Guest Post: Two Ideas to Support and Reward Data Collectors
Today, we have the fifth post in the series from Claire McKay Bowen and Aaron R. Williams to help diverse audiences understand and support the federal statistical system. Everyone living in the United States is part of this vast statistical ecosystem and benefits from it—both directly and indirectly.
Check out their first post in the series on the uses of public data from reducing lead exposure in consumer products to improving agricultural productivity. Their fourth post presents a "Day in the Life with Government Data," which details the myriad way federally funded data suffuse our daily lives.
The collection of data that fuels everything from advanced research to everyday decision making is, by many measures, underappreciated and insufficiently rewarded.
In research, this is because current incentives reward researchers for publications rather than for high-quality data creation. In other words, those who collect and curate data often remain invisible, while professional recognition and career success tend to favor activities such as writing papers and securing grants—again, activities that rely heavily on the very data being overlooked.

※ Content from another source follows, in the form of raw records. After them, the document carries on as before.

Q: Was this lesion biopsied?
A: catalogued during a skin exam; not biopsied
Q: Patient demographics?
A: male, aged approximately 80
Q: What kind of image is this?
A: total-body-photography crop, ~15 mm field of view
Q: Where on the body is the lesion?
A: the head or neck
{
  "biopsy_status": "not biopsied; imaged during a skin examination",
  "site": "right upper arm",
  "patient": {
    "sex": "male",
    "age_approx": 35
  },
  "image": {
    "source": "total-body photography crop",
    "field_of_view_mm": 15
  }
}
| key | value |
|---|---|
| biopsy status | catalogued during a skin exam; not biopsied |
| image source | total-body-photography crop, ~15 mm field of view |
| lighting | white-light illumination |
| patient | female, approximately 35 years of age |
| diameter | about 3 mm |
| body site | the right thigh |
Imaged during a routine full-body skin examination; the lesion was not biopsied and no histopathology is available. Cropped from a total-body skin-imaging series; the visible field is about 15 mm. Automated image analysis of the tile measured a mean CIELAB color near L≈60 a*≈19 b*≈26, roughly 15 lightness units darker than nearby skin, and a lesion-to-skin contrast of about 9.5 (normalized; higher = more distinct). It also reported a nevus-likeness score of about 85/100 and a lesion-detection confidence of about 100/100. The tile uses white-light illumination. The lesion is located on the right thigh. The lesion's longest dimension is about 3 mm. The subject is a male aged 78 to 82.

As we’ve noted in earlier posts in our federal statistical system series, federal data are largely invisible to everyone—even the researchers who rely on the data and statistics for their work. This piece proposes two active steps the research community, from mathematicians to literary scholars, can take to champion and celebrate data creation and availability as essential for research and evidence-based policymaking.
1. Data Creation Should Be Systematically Tracked
In a perfect world, valuable datasets would be discoverable, reusable, and their impact would be automatically measured. Such automation would ensure credit that data stewards receive credit for their hard work in curating and maintaining data. Achieving this would require proper citations of datasets and tracking them with unique and persistent identifiers. Journal editors should require the citation of datasets to help systematically track the impact of datasets, much as we track peer-reviewed publications.
To support better citation tracking, data curators should universally adopt Digital Object Identifiers (DOIs). ICPSR, the world’s largest social science archive, recommends using DOIs to cite data and has long used them to track data they own. DOIs carry a few benefits:
- Visibility and Impact: Researchers often don’t know that key datasets—like the CDC’s Youth Risk Behavior Surveillance Survey that tracks diet and sleep trends among youth—even exist. Tracking citations for all data (including public federal data) highlights the importance of these datasets and where they are being used.
- Version Control: Updating DOIs when data change (e.g., new collection years or error corrections) builds trust and clarity in how data informs policy, even when these data are discontinued or terminated.
- Tracking: DOIs would make it easier to track the full universe of data released. This would make it more difficult for federal agencies to remove previously published datasets and would make it clearer to users which datasets have been removed.
2. Data Creation Should Be Celebrated and Rewarded
Professional societies could create awards celebrating and recognizing achievements in data creation, just as they do for outstanding research projects and publications. Such recognition would be well received in the government sector, where these distinctions influence promotions and evaluations more than producing peer-reviewed publications.
Everyone in the U.S. benefits—directly or indirectly—from the federal statistical system. In our first blog post, we showed how federal data have supported meaningful progress, from reducing lead exposure to improving agricultural productivity.
To help elevate the value of data, the research community could recognize data and statistics as foundational, not incidental. The research community could acknowledge and elevate the work of those who collect, manage, and share the data that make evidence-based research and policymaking possible.
Let’s give data creators the credit they deserve!